■ **WORK ITEM**:
Print every record exactly, but leave out the pictures.

■ **INPUT RECORDS**:
• • • • • • •

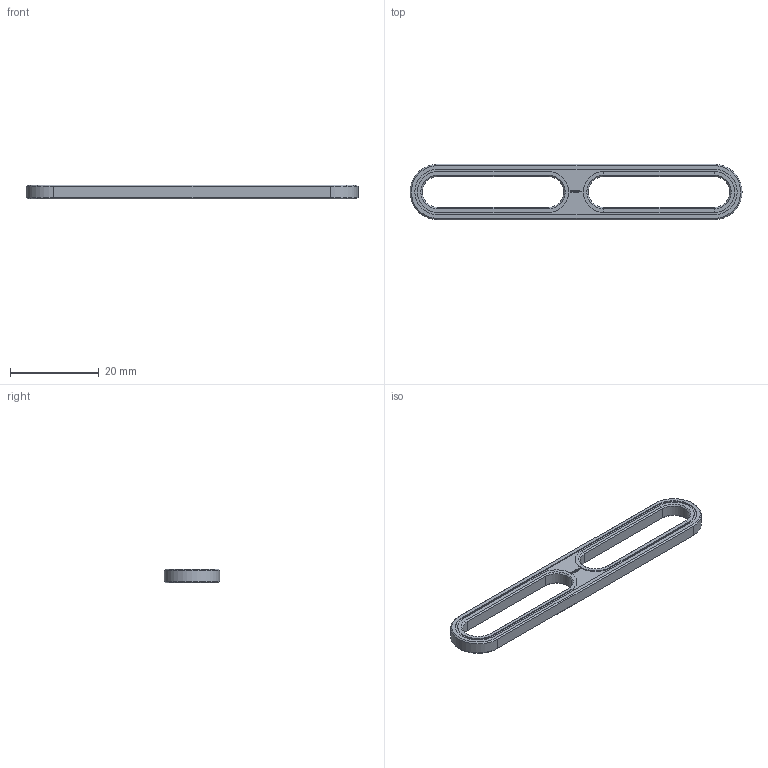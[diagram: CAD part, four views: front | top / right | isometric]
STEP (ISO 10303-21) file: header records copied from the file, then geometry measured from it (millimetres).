
FILE_DESCRIPTION(('FreeCAD Model'),'2;1');
FILE_NAME('Open CASCADE Shape Model','2021-03-27T16:39:10',(''),(''), 'Open CASCADE STEP processor 7.4','FreeCAD','Unknown');
FILE_SCHEMA(('AUTOMOTIVE_DESIGN { 1 0 10303 214 1 1 1 1 }'));
Length unit declared in the file: millimetre
Products named in the file (1): Brace_STR_SLT_SQT_ERR_BU06x01x00.25x03_-_SPN-BRC-0421_(stemfie.org)
Bounding box: 75 x 12.5 x 3.12 mm (x, y, z)
Volume: 1436 mm3; surface area: 1873.2 mm2
Topology: 1 solids, 1 shells, 544 faces, 1493 edges, 986 vertices
Faces by surface type: plane 360, extrusion 160, cone 12, cylinder 12
Entity records: 37673 total; most frequent: CARTESIAN_POINT 8961, DIRECTION 4649, VECTOR 3747, LINE 3587, ORIENTED_EDGE 2986, PCURVE 2986, DEFINITIONAL_REPRESENTATION 2986, EDGE_CURVE 1493

• • • • • • •

■ **RESPONSE**:
[diagram: CAD part, four views: front | top / right | isometric]
STEP (ISO 10303-21) file: header records copied from the file, then geometry measured from it (millimetres).
FILE_DESCRIPTION(('FreeCAD Model'),'2;1');
FILE_NAME('Open CASCADE Shape Model','2021-03-27T16:39:10',(''),(''), 'Open CASCADE STEP processor 7.4','FreeCAD','Unknown');
FILE_SCHEMA(('AUTOMOTIVE_DESIGN { 1 0 10303 214 1 1 1 1 }'));
Length unit declared in the file: millimetre
Products named in the file (1): Brace_STR_SLT_SQT_ERR_BU06x01x00.25x03_-_SPN-BRC-0421_(stemfie.org)
Bounding box: 75 x 12.5 x 3.12 mm (x, y, z)
Volume: 1436 mm3; surface area: 1873.2 mm2
Topology: 1 solids, 1 shells, 544 faces, 1493 edges, 986 vertices
Faces by surface type: plane 360, extrusion 160, cone 12, cylinder 12
Entity records: 37673 total; most frequent: CARTESIAN_POINT 8961, DIRECTION 4649, VECTOR 3747, LINE 3587, ORIENTED_EDGE 2986, PCURVE 2986, DEFINITIONAL_REPRESENTATION 2986, EDGE_CURVE 1493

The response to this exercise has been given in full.